Claudio Ranieri diincar Fiorentina dan Swansea City setelah dipecat dari Leicester City pada 23 Februari lalu. Namun pada akhirnya ia lebih memilih Nantes dari Ligue 1 Prancis untuk dijadikan pelabuhan barunya pada Juni lalu. Saat artikel ini ditulis, Nantes menempati posisi empat klasemen dan tak terkalahkan di enam laga (kalah di dua laga perdana).
Ranieri datang ke sana dengan kontrak dua musim menggantikan Sergio Conceicao yang mengundurkan diri karena dipinang FC Porto. Awalnya, kedatangannya mendapatkan penolakan dari Federasi Sepakbola Prancis (FFF) karena usia Ranieri saat itu akan melebih aturan minimal yang diterapkan. Pihak FFF melarang kesebelasan dilatih oleh pelatih yang berusia di atas 65 tahun. Tapi pada waktu itu Ranieri berhasil lolos atas rekomendasi khusus karena pendaftarannya masih dalam usia 65 tahun. Sementara usianya akan lebih dari 65 tahun pada Oktober 2017.
Bagi Ranieri, ke Nantes bukan berarti kemunduran dalam kariernya. Pada kenyataannya ia masih diminati banyak klub Inggris setelah dipecat Leicester City, satu musim setelah membawa juara Liga Primer. Dengan segala pertimbangan, mantan pelatih Chelsea ini pun memilih berkarier di luar Inggris.

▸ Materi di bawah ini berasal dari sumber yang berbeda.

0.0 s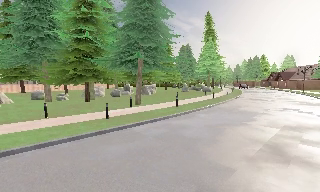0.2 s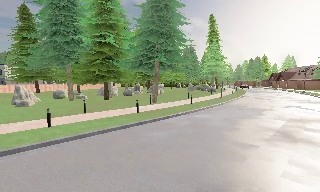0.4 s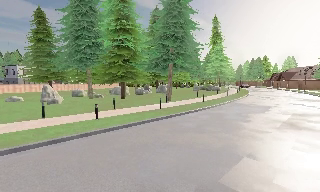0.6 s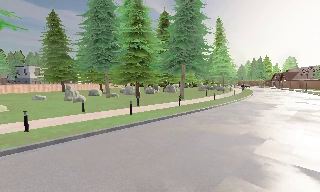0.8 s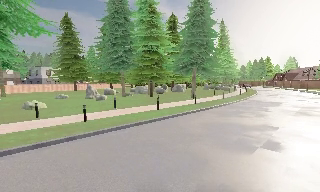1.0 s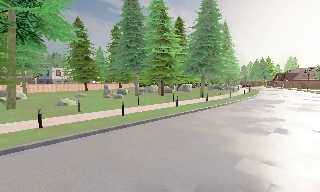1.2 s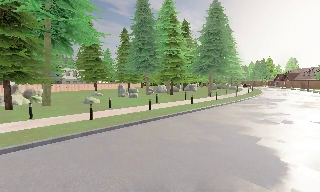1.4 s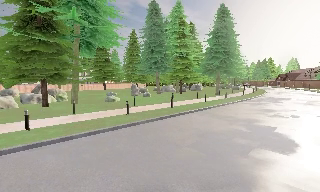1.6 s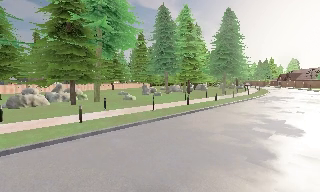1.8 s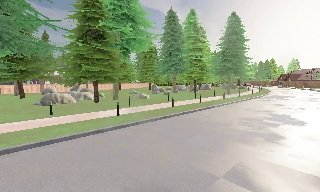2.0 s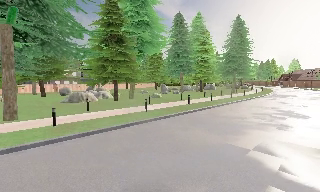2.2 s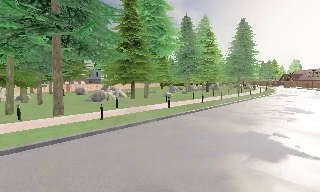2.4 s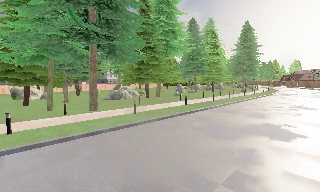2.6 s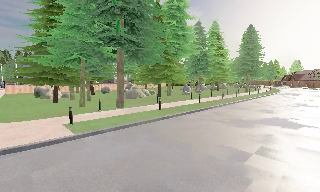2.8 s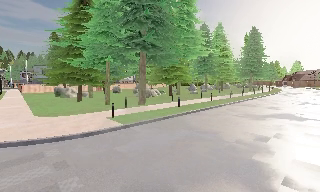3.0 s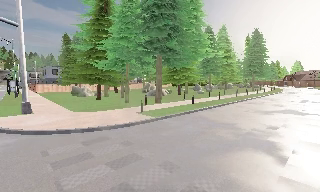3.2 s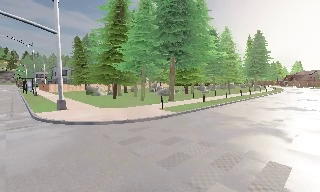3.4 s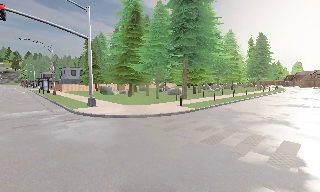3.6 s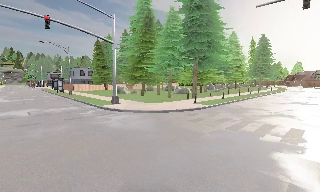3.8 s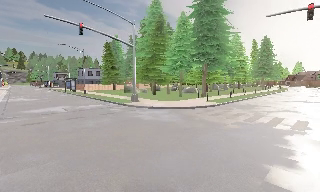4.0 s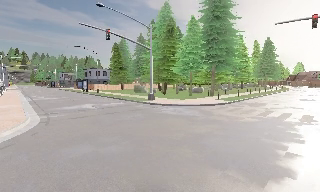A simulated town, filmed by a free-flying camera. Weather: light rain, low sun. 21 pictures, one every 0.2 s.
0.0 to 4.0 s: The camera travels to its left and backward, about 45 m, so close, fixed things drift to the right.
The film runs backward here.

"Bagi saya, penting untuk memiliki pekerjaan. Saya sudah mendapatkan tawaran dari berbagai klub Inggris tapi saya memilih datang ke Prancis. Saya pikir, setelah Leicester, yang terbaik adalah istirahat dari Liga Primer dan berganti negara. Klub besar tidak mengganti pelatihnya, semuanya dipertahankan," imbuh Ranieri seperti dikutip dari Mirror.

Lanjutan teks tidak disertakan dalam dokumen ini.